Misant sur la manipulation de dispositifs interactifs et l’observation des œuvres, un parcours spécialement conçu pour les enfants à partir de 6 ans invite à explorer les liens entre la musique et les sons du vivant.
Grâce à un plan dépliant, les jeunes visiteurs repèrent les stations du parcours dans l’exposition, pour jouer, manipuler, écouter des contes et des sons d’animaux, apercevoir des animaux bramer, hurler, parader… tout en s’émerveillant devant des tableaux et œuvres d’art contemporain.
Art contemporain et écologie, un dialogue nécessaire
Si elle rassemble des chefs-d’œuvre de l’art ancien européen et des cultures non occidentales, l’exposition fait la part belle à la création contemporaine, dans ses questionnements pressants sur le devenir de la biodiversité. Tomás Saraceno, Anri Sala ou encore Art Orienté Objet adaptent ainsi leur travail au parcours. Tandis que Bernie Krause, Julien Salaud, Koen Vanmechelen, Erik Samakh, ou encore Nelly Saunier dévoilent des œuvres créées spécialement pour l’exposition.
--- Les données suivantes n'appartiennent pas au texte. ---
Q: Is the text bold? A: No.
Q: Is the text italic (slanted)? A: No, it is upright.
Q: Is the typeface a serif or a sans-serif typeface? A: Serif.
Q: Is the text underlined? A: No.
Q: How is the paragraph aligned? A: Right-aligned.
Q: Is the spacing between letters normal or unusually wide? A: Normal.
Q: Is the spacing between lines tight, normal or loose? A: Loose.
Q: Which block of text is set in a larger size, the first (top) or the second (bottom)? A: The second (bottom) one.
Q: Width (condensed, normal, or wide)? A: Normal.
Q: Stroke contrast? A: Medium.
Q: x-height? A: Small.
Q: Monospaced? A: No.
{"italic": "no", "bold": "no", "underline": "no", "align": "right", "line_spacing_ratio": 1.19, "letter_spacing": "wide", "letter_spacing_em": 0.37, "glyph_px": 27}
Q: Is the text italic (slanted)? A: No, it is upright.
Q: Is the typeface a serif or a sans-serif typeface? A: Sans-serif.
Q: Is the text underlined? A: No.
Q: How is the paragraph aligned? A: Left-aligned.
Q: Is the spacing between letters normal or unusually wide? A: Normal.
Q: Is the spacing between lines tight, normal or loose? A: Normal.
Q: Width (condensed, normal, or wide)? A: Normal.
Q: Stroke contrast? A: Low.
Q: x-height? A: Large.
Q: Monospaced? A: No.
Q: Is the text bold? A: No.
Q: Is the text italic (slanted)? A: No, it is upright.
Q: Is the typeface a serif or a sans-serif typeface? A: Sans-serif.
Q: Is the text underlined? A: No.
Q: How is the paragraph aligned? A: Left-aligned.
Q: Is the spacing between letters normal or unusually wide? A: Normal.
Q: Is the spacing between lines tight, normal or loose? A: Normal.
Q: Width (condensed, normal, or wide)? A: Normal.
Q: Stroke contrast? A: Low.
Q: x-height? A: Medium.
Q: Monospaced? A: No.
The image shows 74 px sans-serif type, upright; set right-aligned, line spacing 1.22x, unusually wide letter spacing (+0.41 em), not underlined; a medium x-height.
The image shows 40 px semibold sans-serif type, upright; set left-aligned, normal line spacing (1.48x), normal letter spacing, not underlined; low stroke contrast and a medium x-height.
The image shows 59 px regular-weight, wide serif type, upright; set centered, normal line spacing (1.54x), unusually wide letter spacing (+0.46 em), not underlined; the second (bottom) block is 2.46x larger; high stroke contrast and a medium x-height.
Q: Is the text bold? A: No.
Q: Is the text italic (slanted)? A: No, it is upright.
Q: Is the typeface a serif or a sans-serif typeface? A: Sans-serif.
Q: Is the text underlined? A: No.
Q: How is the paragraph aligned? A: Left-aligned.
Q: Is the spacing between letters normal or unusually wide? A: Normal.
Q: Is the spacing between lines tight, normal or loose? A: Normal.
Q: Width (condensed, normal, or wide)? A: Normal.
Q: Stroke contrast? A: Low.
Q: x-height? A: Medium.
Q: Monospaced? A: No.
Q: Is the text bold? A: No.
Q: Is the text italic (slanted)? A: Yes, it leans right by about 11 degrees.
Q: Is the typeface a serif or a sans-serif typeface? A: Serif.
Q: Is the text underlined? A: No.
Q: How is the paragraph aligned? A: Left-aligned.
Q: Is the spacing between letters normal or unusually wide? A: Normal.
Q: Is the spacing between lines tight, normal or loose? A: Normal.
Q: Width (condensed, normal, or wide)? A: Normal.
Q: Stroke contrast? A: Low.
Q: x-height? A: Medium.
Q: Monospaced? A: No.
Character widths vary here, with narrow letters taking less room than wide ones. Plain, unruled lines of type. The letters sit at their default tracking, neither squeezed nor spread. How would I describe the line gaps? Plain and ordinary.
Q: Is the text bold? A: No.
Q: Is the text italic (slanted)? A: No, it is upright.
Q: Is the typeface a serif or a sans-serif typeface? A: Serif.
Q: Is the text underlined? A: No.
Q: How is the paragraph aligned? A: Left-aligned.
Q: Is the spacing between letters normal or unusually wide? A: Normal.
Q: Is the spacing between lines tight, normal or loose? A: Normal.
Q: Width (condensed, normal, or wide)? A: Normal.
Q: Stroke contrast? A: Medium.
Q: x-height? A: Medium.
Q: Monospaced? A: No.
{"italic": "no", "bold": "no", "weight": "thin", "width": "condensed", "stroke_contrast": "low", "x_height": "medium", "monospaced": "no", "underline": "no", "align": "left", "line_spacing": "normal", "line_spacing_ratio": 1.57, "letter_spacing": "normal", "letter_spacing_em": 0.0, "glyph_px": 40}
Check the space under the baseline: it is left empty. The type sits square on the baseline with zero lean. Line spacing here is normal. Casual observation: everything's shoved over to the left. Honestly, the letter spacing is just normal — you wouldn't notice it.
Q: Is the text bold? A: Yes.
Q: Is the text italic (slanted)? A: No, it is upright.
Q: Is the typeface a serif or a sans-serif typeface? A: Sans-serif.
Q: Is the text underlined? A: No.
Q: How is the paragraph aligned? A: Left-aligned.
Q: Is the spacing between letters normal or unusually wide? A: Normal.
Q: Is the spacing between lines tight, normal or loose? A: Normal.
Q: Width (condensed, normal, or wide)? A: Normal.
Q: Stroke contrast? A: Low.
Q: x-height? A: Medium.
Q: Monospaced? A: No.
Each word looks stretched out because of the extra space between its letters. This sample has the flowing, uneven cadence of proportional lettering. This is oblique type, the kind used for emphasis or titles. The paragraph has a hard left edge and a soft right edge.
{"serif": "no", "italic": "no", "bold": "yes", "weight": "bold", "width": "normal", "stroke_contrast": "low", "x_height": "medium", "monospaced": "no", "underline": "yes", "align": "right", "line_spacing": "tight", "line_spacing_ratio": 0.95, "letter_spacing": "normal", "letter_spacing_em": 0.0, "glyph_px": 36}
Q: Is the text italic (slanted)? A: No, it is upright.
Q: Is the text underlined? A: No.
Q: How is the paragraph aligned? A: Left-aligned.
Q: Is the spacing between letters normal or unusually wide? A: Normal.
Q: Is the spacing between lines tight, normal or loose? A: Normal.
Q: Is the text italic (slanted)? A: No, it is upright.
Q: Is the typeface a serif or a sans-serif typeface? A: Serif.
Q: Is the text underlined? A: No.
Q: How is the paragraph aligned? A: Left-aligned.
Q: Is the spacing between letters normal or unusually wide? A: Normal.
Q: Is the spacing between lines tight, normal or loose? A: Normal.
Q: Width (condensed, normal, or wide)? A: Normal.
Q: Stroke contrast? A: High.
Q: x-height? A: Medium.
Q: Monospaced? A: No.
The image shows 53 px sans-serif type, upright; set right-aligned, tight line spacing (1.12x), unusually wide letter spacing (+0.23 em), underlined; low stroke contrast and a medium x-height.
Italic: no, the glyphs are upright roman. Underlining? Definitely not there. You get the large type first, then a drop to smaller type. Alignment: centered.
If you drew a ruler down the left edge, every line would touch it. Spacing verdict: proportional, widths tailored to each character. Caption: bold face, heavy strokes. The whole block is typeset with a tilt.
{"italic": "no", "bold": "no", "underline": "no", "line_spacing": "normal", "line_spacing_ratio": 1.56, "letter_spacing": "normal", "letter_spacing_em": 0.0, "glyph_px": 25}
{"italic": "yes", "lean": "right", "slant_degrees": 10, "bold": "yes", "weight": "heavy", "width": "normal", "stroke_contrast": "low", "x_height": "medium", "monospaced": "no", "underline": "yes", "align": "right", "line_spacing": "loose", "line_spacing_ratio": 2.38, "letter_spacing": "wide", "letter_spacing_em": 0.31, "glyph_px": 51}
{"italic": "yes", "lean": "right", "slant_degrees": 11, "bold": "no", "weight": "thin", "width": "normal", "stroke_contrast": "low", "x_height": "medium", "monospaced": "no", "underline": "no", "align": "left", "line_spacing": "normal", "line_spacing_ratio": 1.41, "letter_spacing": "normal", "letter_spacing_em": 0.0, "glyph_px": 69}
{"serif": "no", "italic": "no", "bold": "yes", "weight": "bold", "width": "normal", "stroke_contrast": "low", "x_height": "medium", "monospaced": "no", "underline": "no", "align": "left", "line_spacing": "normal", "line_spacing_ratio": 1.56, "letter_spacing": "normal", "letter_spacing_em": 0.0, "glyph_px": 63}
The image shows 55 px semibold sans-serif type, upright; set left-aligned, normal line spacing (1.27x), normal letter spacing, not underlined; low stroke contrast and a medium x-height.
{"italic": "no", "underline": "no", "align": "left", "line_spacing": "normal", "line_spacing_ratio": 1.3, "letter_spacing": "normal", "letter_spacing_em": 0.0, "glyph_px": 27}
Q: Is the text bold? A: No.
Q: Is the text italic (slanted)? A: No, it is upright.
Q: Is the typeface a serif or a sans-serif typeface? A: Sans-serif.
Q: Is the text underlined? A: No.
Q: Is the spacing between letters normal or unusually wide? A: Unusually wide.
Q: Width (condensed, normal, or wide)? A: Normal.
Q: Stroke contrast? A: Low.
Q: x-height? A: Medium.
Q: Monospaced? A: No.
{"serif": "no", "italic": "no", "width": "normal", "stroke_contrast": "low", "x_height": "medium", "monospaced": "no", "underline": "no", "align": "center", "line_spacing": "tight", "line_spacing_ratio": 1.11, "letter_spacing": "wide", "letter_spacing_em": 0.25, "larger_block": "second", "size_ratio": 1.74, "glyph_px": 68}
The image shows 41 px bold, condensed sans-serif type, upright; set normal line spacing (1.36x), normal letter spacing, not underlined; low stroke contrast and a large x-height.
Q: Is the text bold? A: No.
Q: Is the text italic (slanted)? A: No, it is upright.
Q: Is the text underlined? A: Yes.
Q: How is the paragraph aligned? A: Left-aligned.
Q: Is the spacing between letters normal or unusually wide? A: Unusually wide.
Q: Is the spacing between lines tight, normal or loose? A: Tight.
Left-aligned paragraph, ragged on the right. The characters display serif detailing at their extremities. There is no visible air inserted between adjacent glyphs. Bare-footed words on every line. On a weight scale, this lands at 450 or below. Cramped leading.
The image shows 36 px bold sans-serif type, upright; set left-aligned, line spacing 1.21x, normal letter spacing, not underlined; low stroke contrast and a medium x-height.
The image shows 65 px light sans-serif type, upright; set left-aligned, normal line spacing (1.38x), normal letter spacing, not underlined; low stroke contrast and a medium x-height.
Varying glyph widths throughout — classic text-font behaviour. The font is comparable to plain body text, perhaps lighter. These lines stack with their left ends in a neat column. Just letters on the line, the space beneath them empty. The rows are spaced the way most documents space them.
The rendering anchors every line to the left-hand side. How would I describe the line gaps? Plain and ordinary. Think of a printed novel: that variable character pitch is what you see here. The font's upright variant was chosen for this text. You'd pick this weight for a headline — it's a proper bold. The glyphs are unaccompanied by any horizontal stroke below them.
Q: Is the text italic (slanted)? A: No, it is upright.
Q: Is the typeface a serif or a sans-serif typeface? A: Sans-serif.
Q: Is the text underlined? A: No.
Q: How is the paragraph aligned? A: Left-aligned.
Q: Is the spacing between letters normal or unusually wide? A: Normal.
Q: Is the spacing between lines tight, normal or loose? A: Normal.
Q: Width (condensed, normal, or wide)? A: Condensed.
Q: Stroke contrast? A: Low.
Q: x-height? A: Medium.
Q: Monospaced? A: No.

Œuvres présentées : Avec les Art Orienté Objet | Fernand Deroussen | Gloria Friedmann | Bertrand Gadenne | Bernie Krause | Olivier Leroi | Violaine Lochu | Annette Messager | Miruka | Erik Nussbicker | Luc Petton | Anri Sala |Julien Salaud | Erik Samakh | Tomás Saraceno | Nelly Saunier | Alain Séchas | Daniel Spoerri | Tout/reste/à/faire | Koen Vanmechelen | Knud Viktor.
Commissariat :
- Marie-Pauline Martin est maître de conférences en histoire de l’art à l’université d’Aix-Marseille. Détachée de l’université, elle dirige depuis 2017 le Musée de la musique à la Philharmonie de Paris, où elle fut commissaire de l’exposition Ludwig van : Le mythe Beethoven. Elle est spécialiste de l’étude des rapports entre musique et arts visuels.
- Jean-Hubert Martin est historien d’art et commissaire d’exposition, ancien directeur du Musée national d’art moderne et du Kunstpalast de Düsseldorf. Son intérêt pour les cultures non occidentales l’a conduit à concevoir des expositions confrontant des œuvres de nature et d’époque différentes favorisant ainsi un renouvellement du regard, telles Magiciens de la terre au MNAM – Centre Pompidou en 1989 et Carambolages en 2016.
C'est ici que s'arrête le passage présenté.